Building microservices is a bit like organizing a large, busy kitchen. You have different stations for prep, cooking, baking, and plating. Normally, this works beautifully. But what happens when the grill overheats and catches fire? Without proper safeguards, that fire could spread to the entire kitchen, burning down your whole operation. In software terms, that's a cascading failure: one sick service takes down the entire system.

The solution is not to prevent all fires—that's impossible—but to build smart fire doors and isolated compartments. In our microservices kitchen, we use two main tools for this: the circuit breaker and the bulkhead pattern. Let me show you how to build these in Go, step by step, with practical code you can use.

I'll write this as if we're working together on a project. We'll start simple, then add layers of protection. Think of it as building a safety net, one strand at a time.

First, let's understand the core problem. A microservice calls another microservice. If the second service is slow or broken, the first one might wait forever, using up a valuable thread or connection. Soon, all its resources are stuck waiting, it can't handle new requests, and it becomes sick too. The sickness spreads.

A circuit breaker is our first line of defense. It's not a complex idea. It watches the calls to a service. If too many calls fail, it "trips" and stops all new calls for a while. It gives the sick service time to recover, and it prevents our service from wasting resources. After a timeout, it cautiously lets a few test calls through. If they succeed, it closes the circuit again and business resumes. If they fail, the timeout resets.

Here is a basic version of this concept in Go. We'll create a CircuitBreaker struct. It can be in one of three states: Closed (everything's fine, calls go through), Open (the circuit is tripped, calls are blocked immediately), or HalfOpen (we're testing to see if things are fixed).

type CircuitBreaker struct {
    mu            sync.RWMutex
    state         CircuitState
    failureCount  int32
    threshold     int32
    resetTimeout  time.Duration
    lastFailure   time.Time
}

const (
    Closed CircuitState = iota
    Open
    HalfOpen
)

The Execute method is where the logic lives. It first asks, "Am I allowed to make a request?" based on my current state. If not, it instantly returns an error. This is the "fast failure" that protects our system. If allowed, it runs the actual operation (like an HTTP call) and records whether it succeeded or failed.

func (cb *CircuitBreaker) Execute(fn func() error) error {
    if !cb.allowRequest() {
        return errors.New("circuit breaker is open")
    }
    err := fn()
    cb.recordResult(err)
    return err
}

The allowRequest method contains the state machine logic. If the state is Closed, it always allows the request. If it's Open, it checks how long it's been open. If enough time has passed (the resetTimeout), it moves to HalfOpen and allows a request—this is our test probe. In HalfOpen state, we might limit the number of test probes to, say, five.

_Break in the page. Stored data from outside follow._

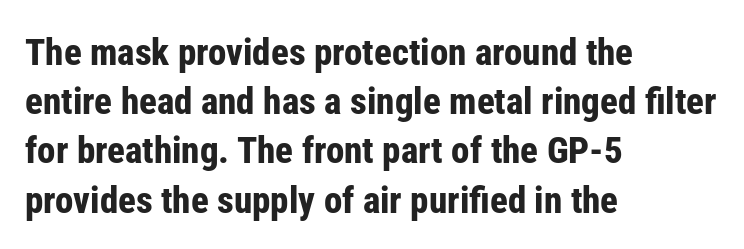
{"serif": "no", "italic": "no", "bold": "yes", "weight": "bold", "width": "condensed", "stroke_contrast": "low", "x_height": "medium", "monospaced": "no", "underline": "no", "align": "left", "line_spacing": "normal", "line_spacing_ratio": 1.33, "letter_spacing": "normal", "letter_spacing_em": 0.0, "glyph_px": 37}
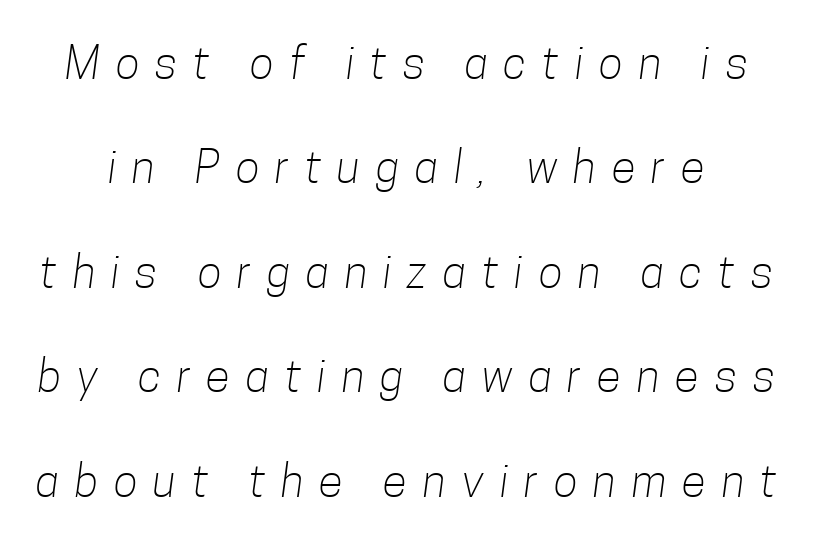
{"serif": "no", "bold": "no", "weight": "light", "width": "condensed", "stroke_contrast": "low", "x_height": "medium", "monospaced": "no", "underline": "no", "line_spacing": "loose", "line_spacing_ratio": 2.32, "letter_spacing": "wide", "letter_spacing_em": 0.35, "glyph_px": 45}
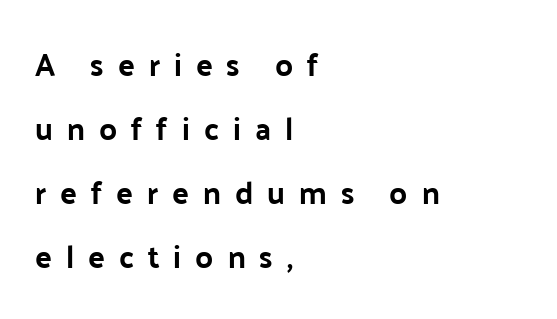
Q: Is the text italic (slanted)? A: No, it is upright.
Q: Is the typeface a serif or a sans-serif typeface? A: Sans-serif.
Q: Is the text underlined? A: No.
Q: How is the paragraph aligned? A: Left-aligned.
Q: Is the spacing between letters normal or unusually wide? A: Unusually wide.
Q: Is the spacing between lines tight, normal or loose? A: Loose.
Q: Width (condensed, normal, or wide)? A: Normal.
Q: Stroke contrast? A: Low.
Q: x-height? A: Medium.
Q: Monospaced? A: No.
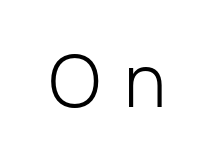
{"serif": "no", "italic": "no", "bold": "no", "weight": "light", "width": "normal", "stroke_contrast": "low", "x_height": "medium", "monospaced": "no", "underline": "no", "letter_spacing": "wide", "letter_spacing_em": 0.32, "glyph_px": 72}
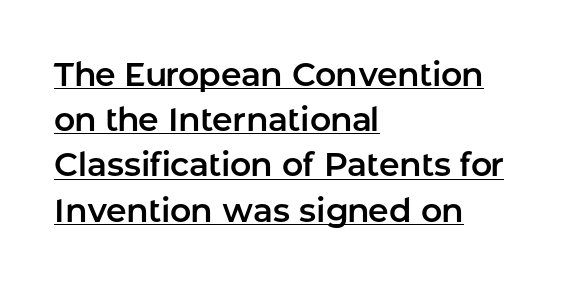
{"serif": "no", "italic": "no", "width": "normal", "stroke_contrast": "low", "x_height": "medium", "monospaced": "no", "underline": "yes", "align": "left", "line_spacing": "normal", "line_spacing_ratio": 1.37, "letter_spacing": "normal", "letter_spacing_em": 0.0, "glyph_px": 33}
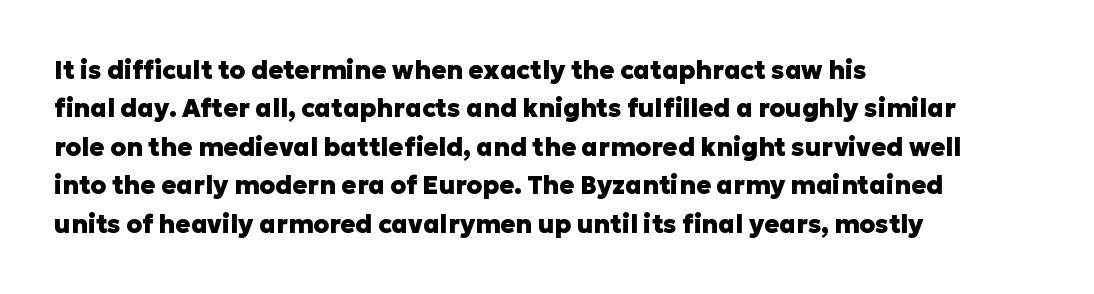
{"italic": "no", "bold": "yes", "underline": "no", "align": "left", "line_spacing": "normal", "line_spacing_ratio": 1.54, "letter_spacing": "normal", "letter_spacing_em": 0.0, "glyph_px": 25}
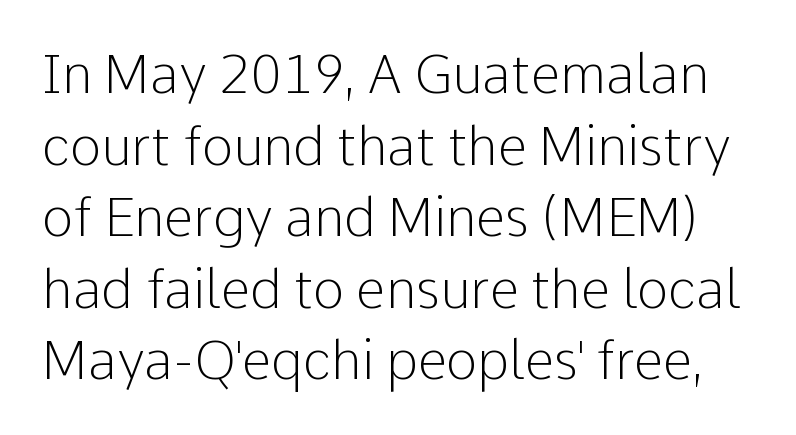
The image shows 53 px light sans-serif type, upright; set normal line spacing (1.35x), normal letter spacing, not underlined; low stroke contrast and a medium x-height.
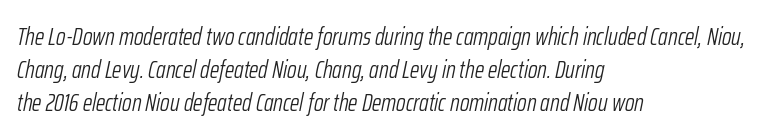
Q: Is the text bold? A: No.
Q: Is the text italic (slanted)? A: Yes, it leans right by about 12 degrees.
Q: Is the text underlined? A: No.
Q: How is the paragraph aligned? A: Left-aligned.
Q: Is the spacing between letters normal or unusually wide? A: Normal.
Q: Is the spacing between lines tight, normal or loose? A: Normal.
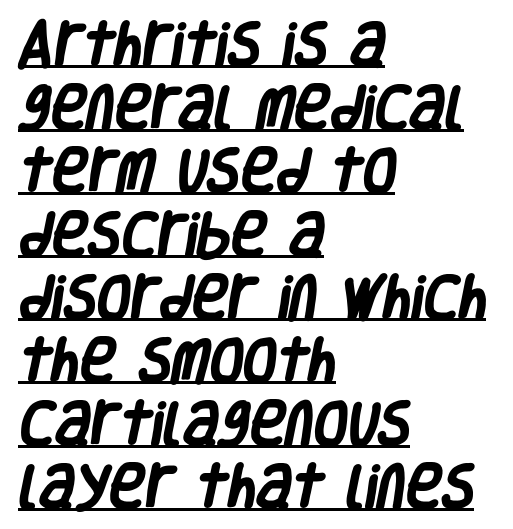
{"serif": "no", "bold": "yes", "weight": "heavy", "width": "condensed", "stroke_contrast": "low", "x_height": "large", "monospaced": "no", "underline": "yes", "align": "left", "line_spacing": "normal", "line_spacing_ratio": 1.29, "letter_spacing": "normal", "letter_spacing_em": 0.0, "glyph_px": 49}
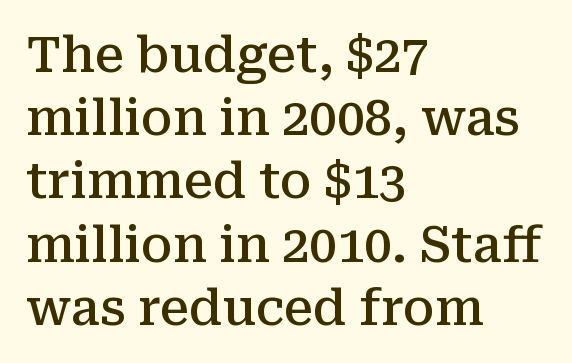
The image shows 49 px semibold serif type, upright; set left-aligned, normal line spacing (1.29x), normal letter spacing, not underlined; medium stroke contrast and a medium x-height.
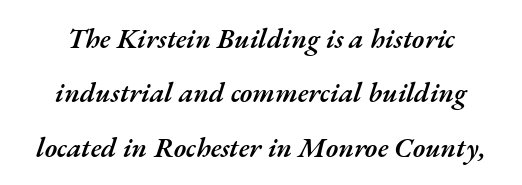
Q: Is the text bold? A: Semi-bold.
Q: Is the text italic (slanted)? A: Yes, it leans right by about 17 degrees.
Q: Is the text underlined? A: No.
Q: Is the spacing between letters normal or unusually wide? A: Normal.
Q: Is the spacing between lines tight, normal or loose? A: Loose.
Q: Width (condensed, normal, or wide)? A: Normal.
Q: Stroke contrast? A: Medium.
Q: x-height? A: Small.
Q: Monospaced? A: No.
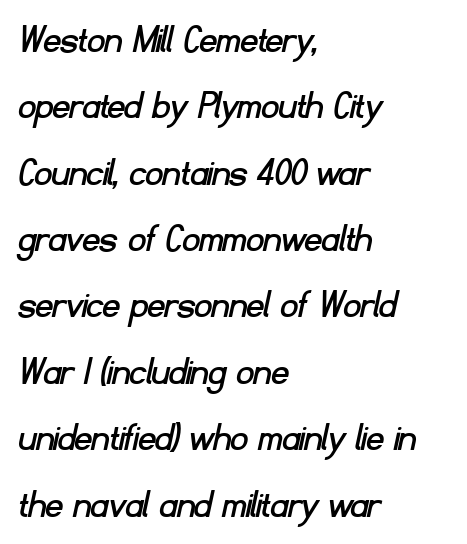
The image shows 42 px sans-serif type; set left-aligned, normal line spacing (1.58x), normal letter spacing, not underlined; low stroke contrast and a small x-height.
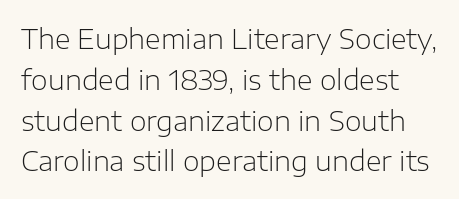
The type sits square on the baseline with zero lean. Look at the tracking — it's just the regular setting, nothing added. The glyphs are unaccompanied by any horizontal stroke below them. Heaviness? Minimal to ordinary, like unemphasized prose. Evenly set lines give the paragraph a standard silhouette.
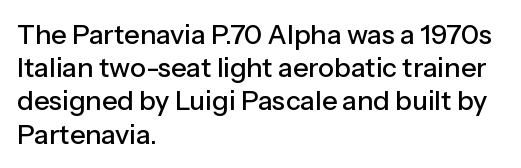
The image shows 27 px text type, upright; set left-aligned, line spacing 1.23x, normal letter spacing, not underlined.
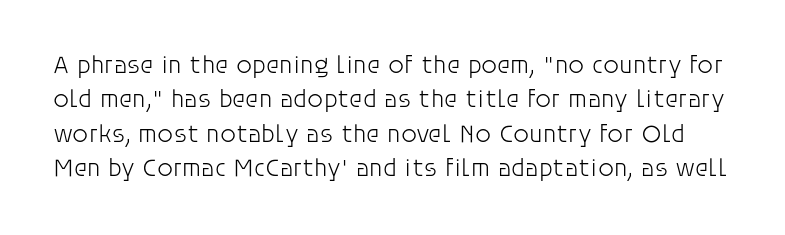
{"italic": "no", "bold": "no", "underline": "no", "line_spacing": "normal", "line_spacing_ratio": 1.38, "letter_spacing": "normal", "letter_spacing_em": 0.0, "glyph_px": 25}
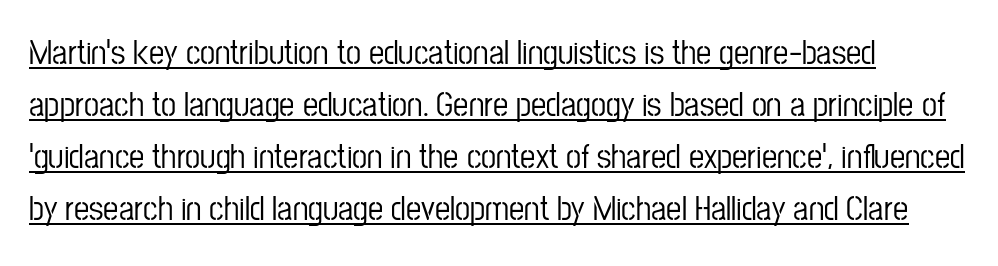
The designer left line spacing at the default. To sum up the face: it is a sans, with no serifs. Designer's note — italics off, roman on. This sample uses plain, unmodified letter spacing. The passage shown is typed in a proportional face where columns would drift. Is there an underline? Yes — a line sits under the letters.
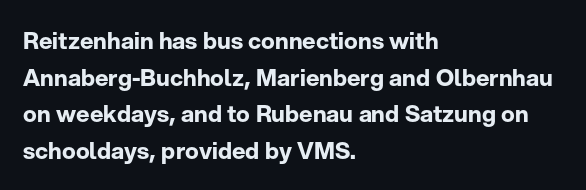
Visually the block forms a straight wall on the left and a jagged coastline on the right. The letters are bold, with thick, heavy strokes. The gap between lines stays unmarked. This sample keeps an unexceptional amount of space between lines. The horizontal fit of the characters is conventional and even. Vertical strokes here are truly vertical.
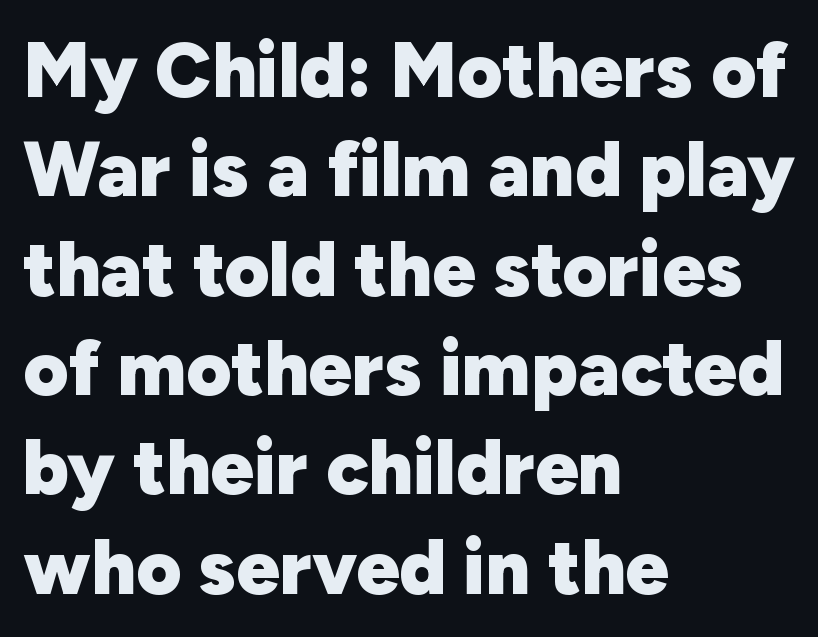
Q: Is the text bold? A: Yes.
Q: Is the text italic (slanted)? A: No, it is upright.
Q: Is the typeface a serif or a sans-serif typeface? A: Sans-serif.
Q: Is the text underlined? A: No.
Q: How is the paragraph aligned? A: Left-aligned.
Q: Is the spacing between letters normal or unusually wide? A: Normal.
Q: Is the spacing between lines tight, normal or loose? A: Normal.
Q: Width (condensed, normal, or wide)? A: Normal.
Q: Stroke contrast? A: Low.
Q: x-height? A: Medium.
Q: Monospaced? A: No.
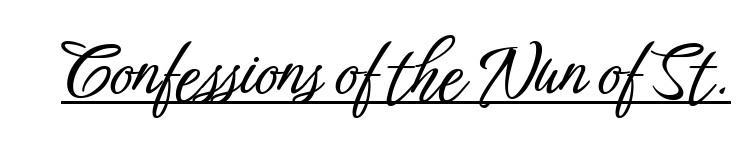
Q: Is the text italic (slanted)? A: Yes.
Q: Is the typeface a serif or a sans-serif typeface? A: Sans-serif.
Q: Is the text underlined? A: Yes.
Q: Is the spacing between letters normal or unusually wide? A: Normal.
Q: Width (condensed, normal, or wide)? A: Condensed.
Q: Stroke contrast? A: Low.
Q: x-height? A: Medium.
Q: Monospaced? A: No.
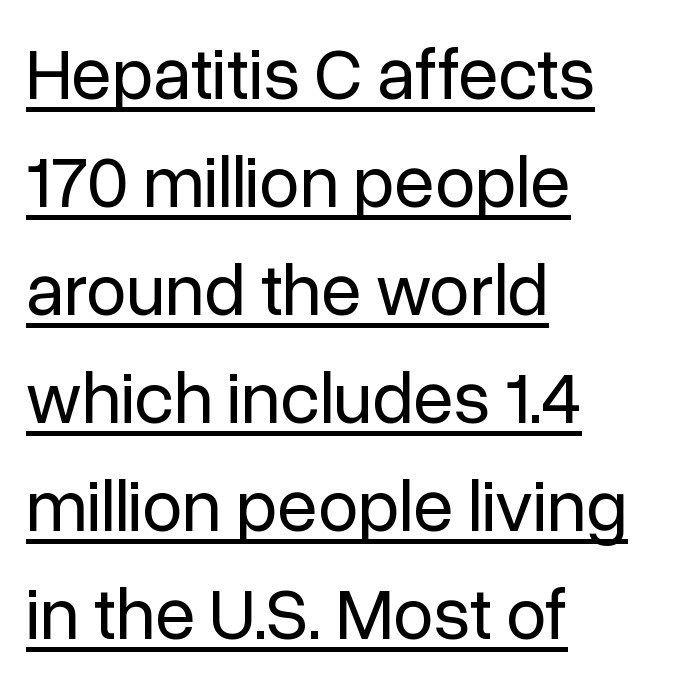
Style check: upright. The face used here is proportionally spaced, like ordinary book or web type. A classic flush-left, rag-right setting is used for this passage. Vertical spacing — default. The lettering is marked with a stroke running underneath it. Stroke terminals: plain, sans-serif.
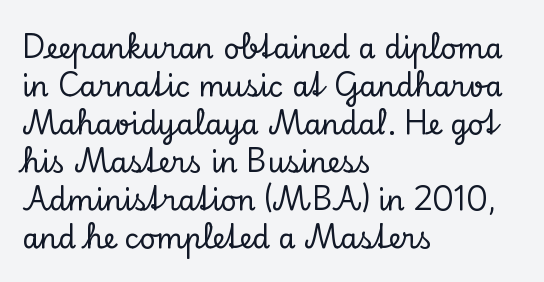
Q: Is the text italic (slanted)? A: No, it is upright.
Q: Is the text underlined? A: No.
Q: How is the paragraph aligned? A: Left-aligned.
Q: Is the spacing between letters normal or unusually wide? A: Normal.
Q: Is the spacing between lines tight, normal or loose? A: Normal.
Q: Width (condensed, normal, or wide)? A: Normal.
Q: Stroke contrast? A: Low.
Q: x-height? A: Small.
Q: Monospaced? A: No.
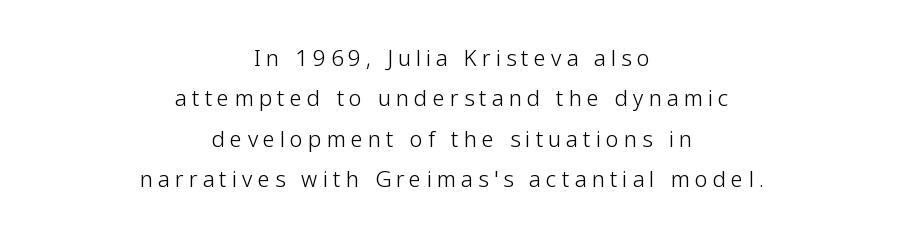
{"italic": "no", "bold": "no", "underline": "no", "align": "center", "line_spacing_ratio": 1.83, "letter_spacing": "wide", "letter_spacing_em": 0.23, "glyph_px": 22}
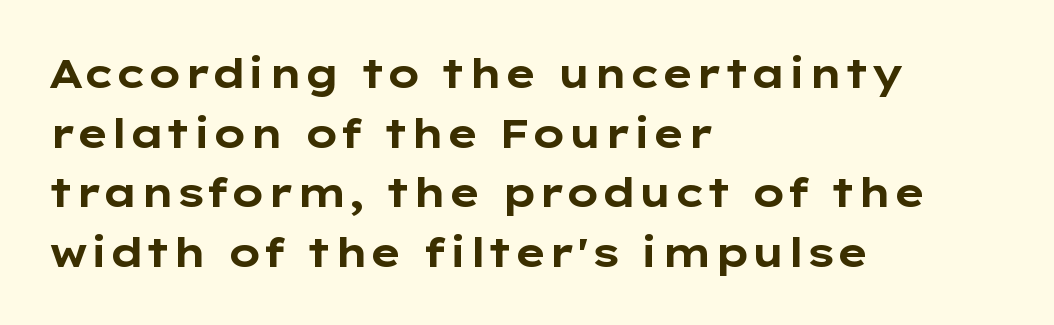
Q: Is the text bold? A: Yes.
Q: Is the text italic (slanted)? A: No, it is upright.
Q: Is the typeface a serif or a sans-serif typeface? A: Sans-serif.
Q: Is the text underlined? A: No.
Q: How is the paragraph aligned? A: Left-aligned.
Q: Is the spacing between letters normal or unusually wide? A: Normal.
Q: Is the spacing between lines tight, normal or loose? A: Normal.
Q: Width (condensed, normal, or wide)? A: Wide.
Q: Stroke contrast? A: Low.
Q: x-height? A: Medium.
Q: Monospaced? A: No.

func (cb *CircuitBreaker) allowRequest() bool {
    cb.mu.RLock()
    defer cb.mu.RUnlock()

    switch cb.state {
    case Closed:
        return true
    case Open:
        if time.Since(cb.lastFailure) > cb.resetTimeout {
            cb.transitionToHalfOpen()
            return true
        }
        return false
    case HalfOpen:
        // Only allow a few test requests
        return cb.testRequestCount < 5
    }
    return false
}

The recordResult method updates the counts. A successful call in the HalfOpen state might be enough to reset the breaker back to Closed. A failure in the HalfOpen state immediately sends it back to Open. A failure in the Closed state increments the failure count; if we pass a threshold (like 5 failures in a row), we trip the breaker to Open.

This simple mechanism is incredibly powerful. I've seen it turn a total system outage into a minor, isolated blip. The failing service gets the quiet it needs to restart or recover, and the rest of the system hums along, perhaps with slightly degraded function, but it's alive.

Now, let's talk about the second pattern: the bulkhead. If the circuit breaker is a fire door, the bulkhead is a ship's compartmentalization. On a ship, if one compartment floods, the watertight doors seal, and the ship stays afloat. In our code, we isolate different resources—like database connection pools, thread pools, or external service clients—so a failure in one doesn't drain all resources.

Imagine your service connects to a database and a Redis cache. If the database becomes very slow, you don't want all your goroutines getting stuck waiting for it, because then you also won't have any left to handle the fast Redis calls. You need separate, isolated pools.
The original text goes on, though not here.